-- Work required --
Output nothing except the lines from the one containing "Time elapsed: 3.2 seconds since image 1." through the final line of the data, both included, typed exactly, minus the pictures.

+++ Data extract

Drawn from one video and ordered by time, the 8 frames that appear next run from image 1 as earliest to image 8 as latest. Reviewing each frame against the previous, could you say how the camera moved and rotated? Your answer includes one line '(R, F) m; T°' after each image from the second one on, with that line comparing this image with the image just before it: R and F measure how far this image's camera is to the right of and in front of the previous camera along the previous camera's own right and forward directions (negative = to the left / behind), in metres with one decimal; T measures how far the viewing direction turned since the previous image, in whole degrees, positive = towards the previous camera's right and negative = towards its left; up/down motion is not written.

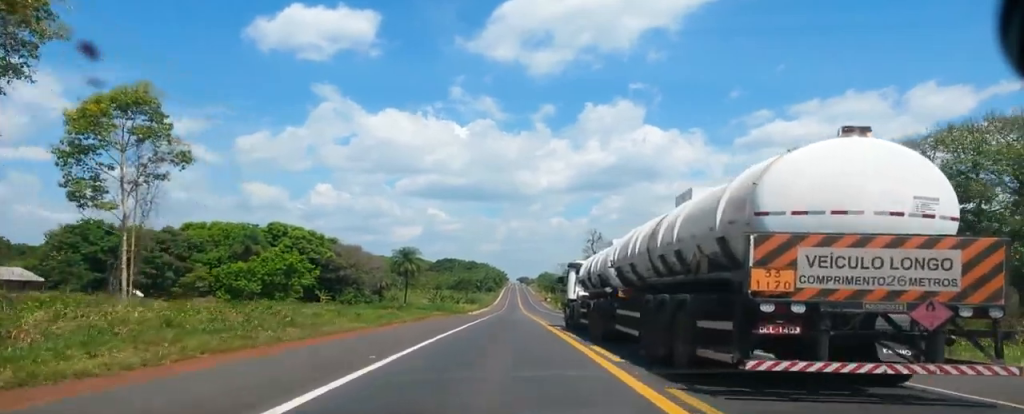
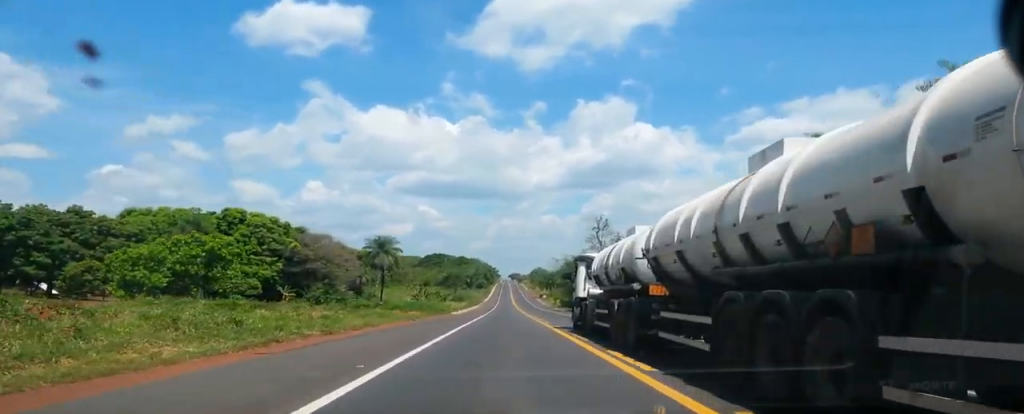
(+0.4, +18.3) m; +1°
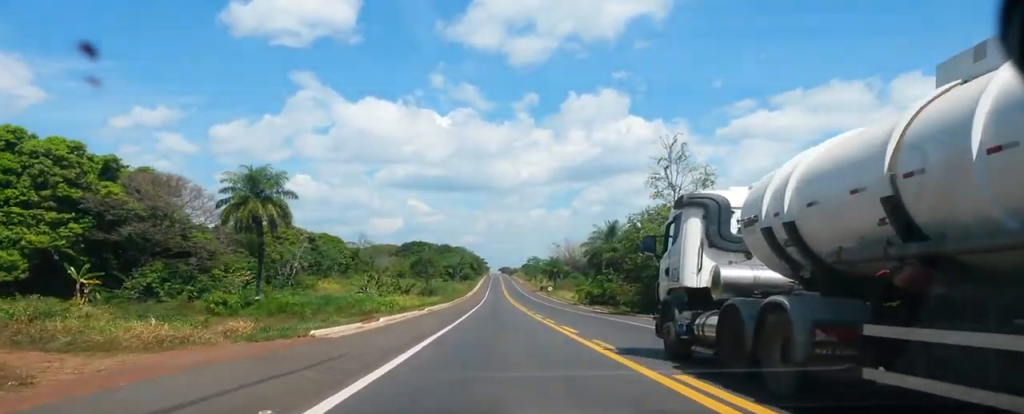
(+0.7, +54.7) m; 0°
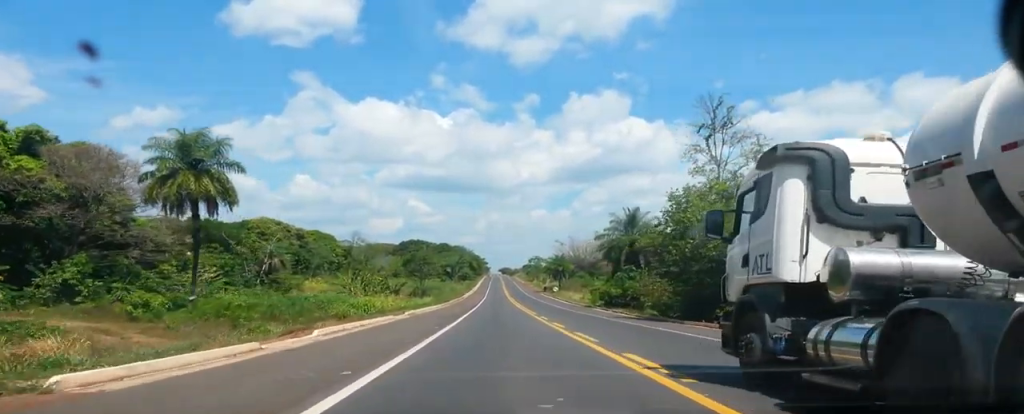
(+0.1, +12.5) m; 0°
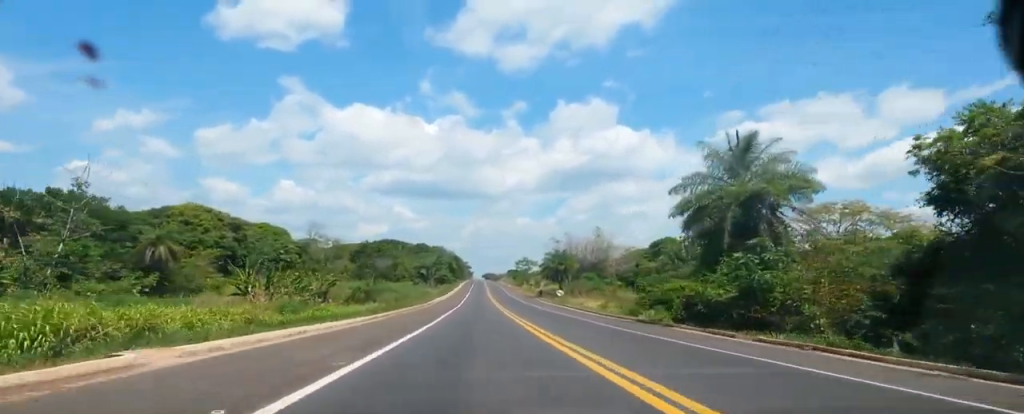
(-0.6, +35.7) m; -1°
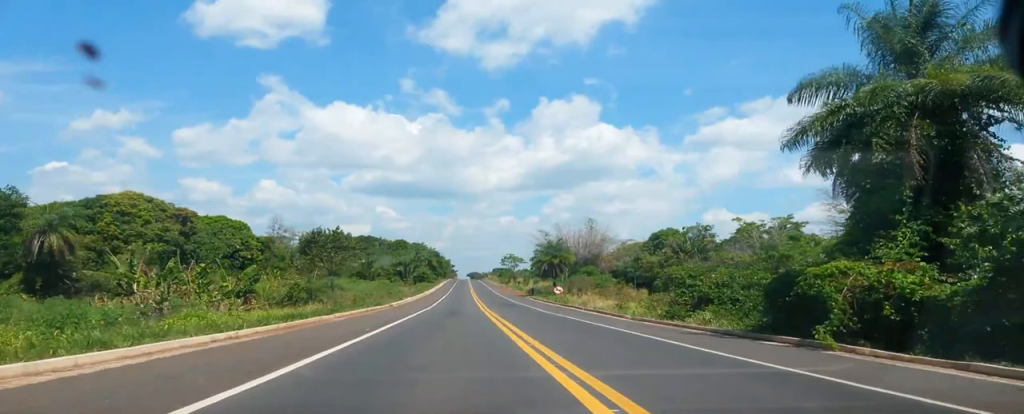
(+0.1, +17.7) m; 0°
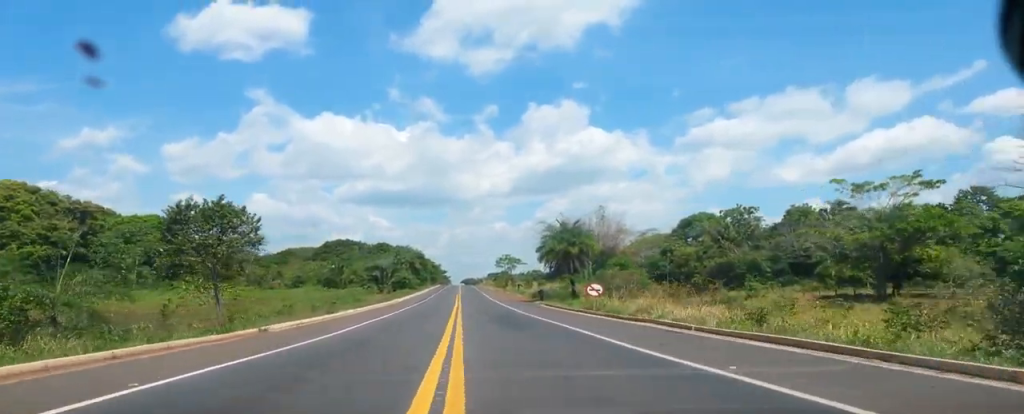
(0.0, +31.7) m; -1°
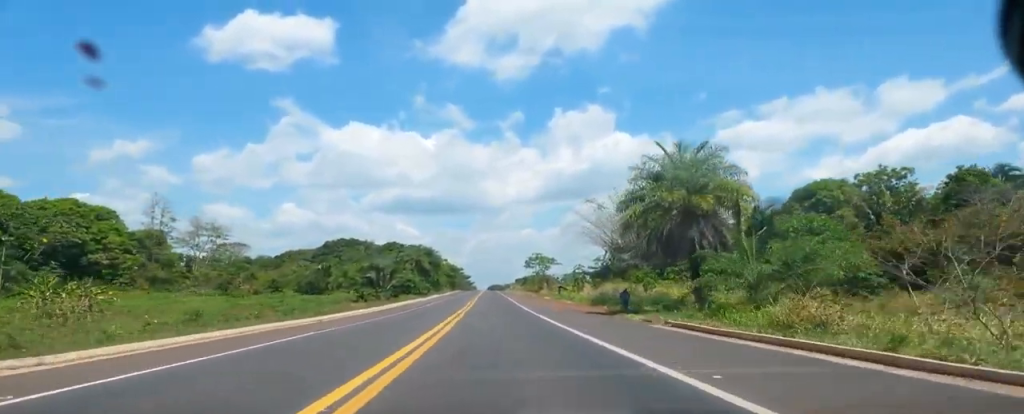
(-0.5, +38.7) m; -1°
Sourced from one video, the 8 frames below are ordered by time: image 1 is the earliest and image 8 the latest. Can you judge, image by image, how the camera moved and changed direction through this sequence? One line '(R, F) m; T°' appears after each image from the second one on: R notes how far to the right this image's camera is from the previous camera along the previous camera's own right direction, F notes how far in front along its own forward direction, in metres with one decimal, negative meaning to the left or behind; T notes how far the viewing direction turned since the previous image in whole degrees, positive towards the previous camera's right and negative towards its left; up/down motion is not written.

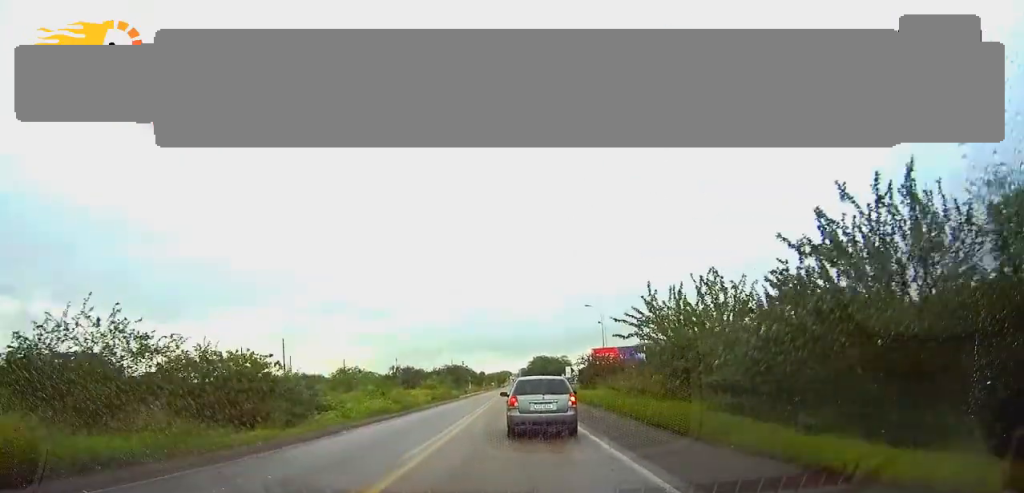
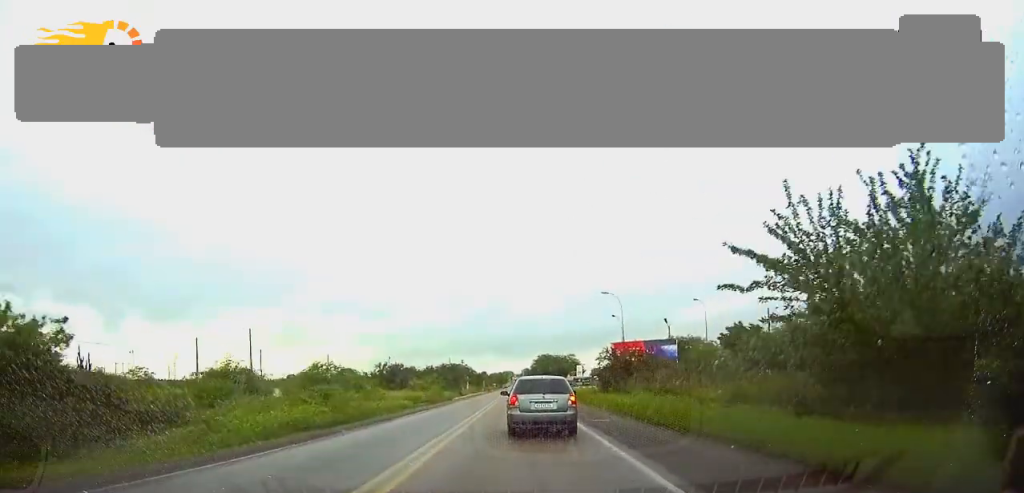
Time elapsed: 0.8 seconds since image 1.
(0.0, +15.8) m; 0°
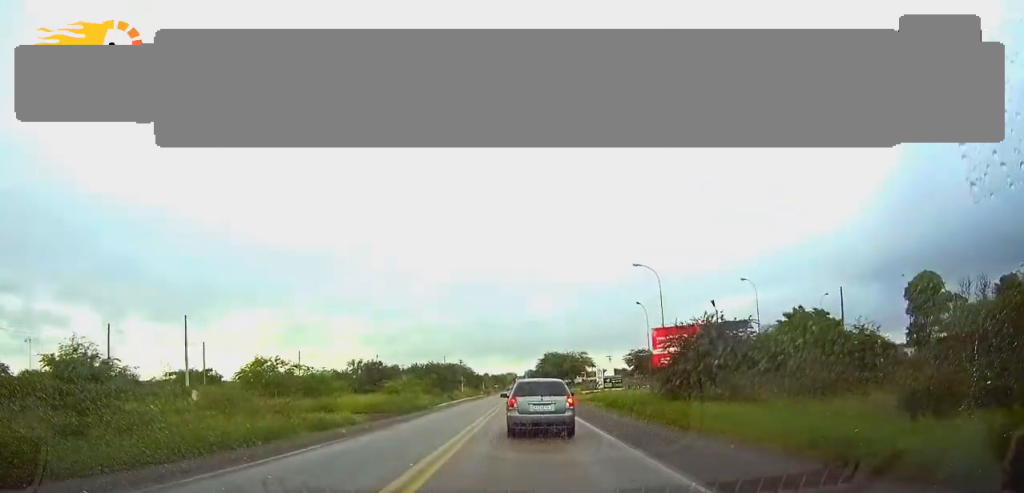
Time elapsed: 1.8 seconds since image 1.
(0.0, +21.1) m; 0°
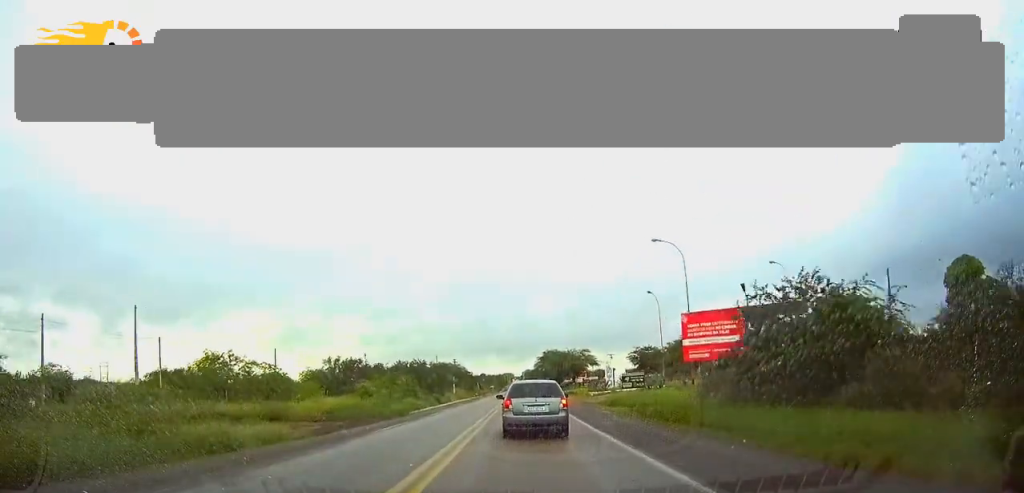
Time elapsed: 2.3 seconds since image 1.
(-0.1, +10.8) m; 0°
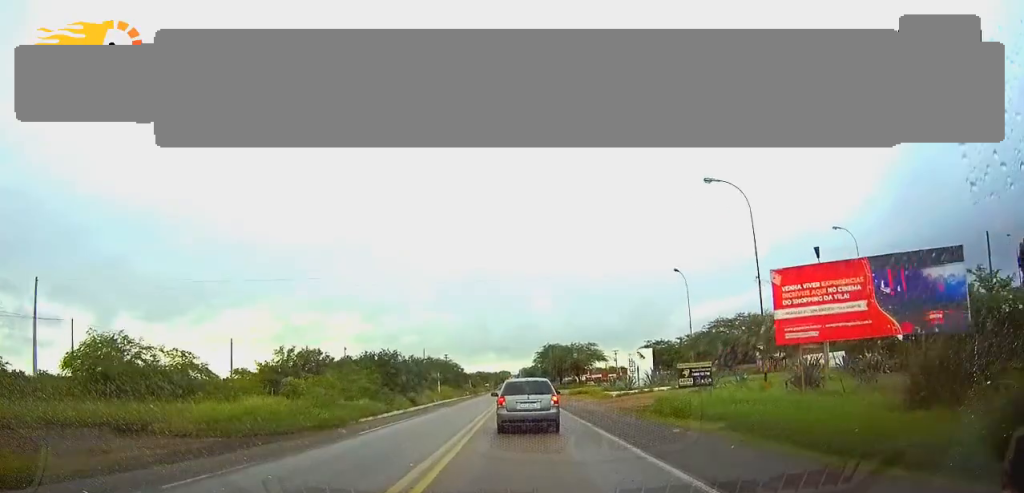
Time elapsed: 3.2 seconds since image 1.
(0.0, +16.6) m; 0°
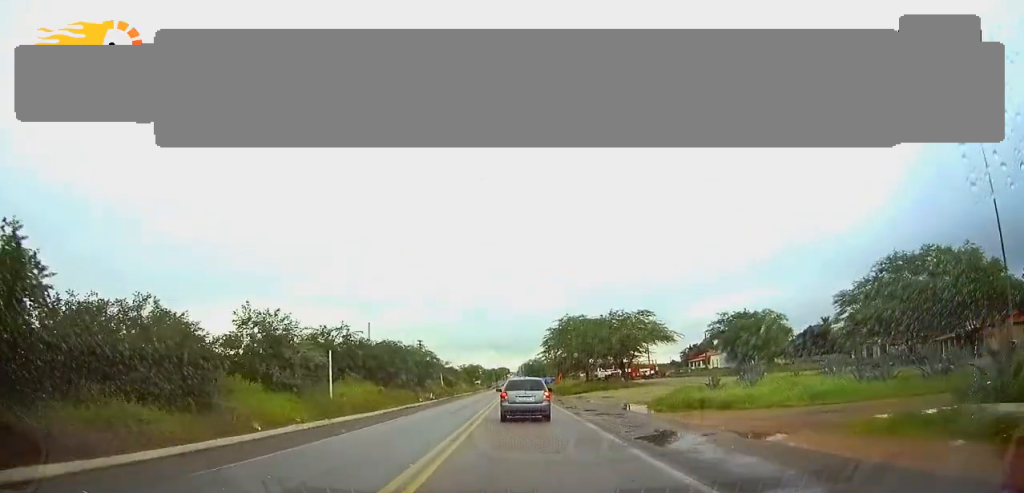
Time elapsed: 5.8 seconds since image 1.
(+0.3, +51.9) m; 0°
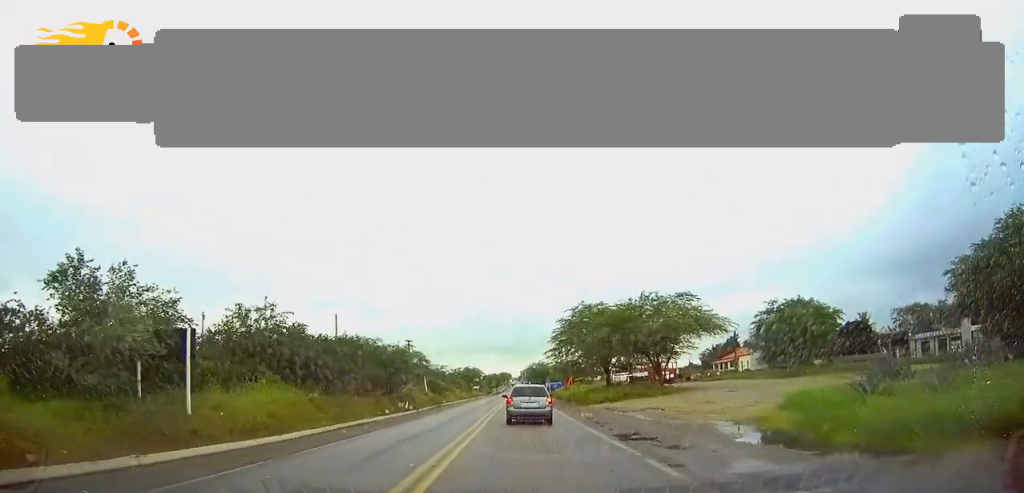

++++++

-- Task result --
Time elapsed: 3.2 seconds since image 1.
(0.0, +16.6) m; 0°
Time elapsed: 5.8 seconds since image 1.
(+0.3, +51.9) m; 0°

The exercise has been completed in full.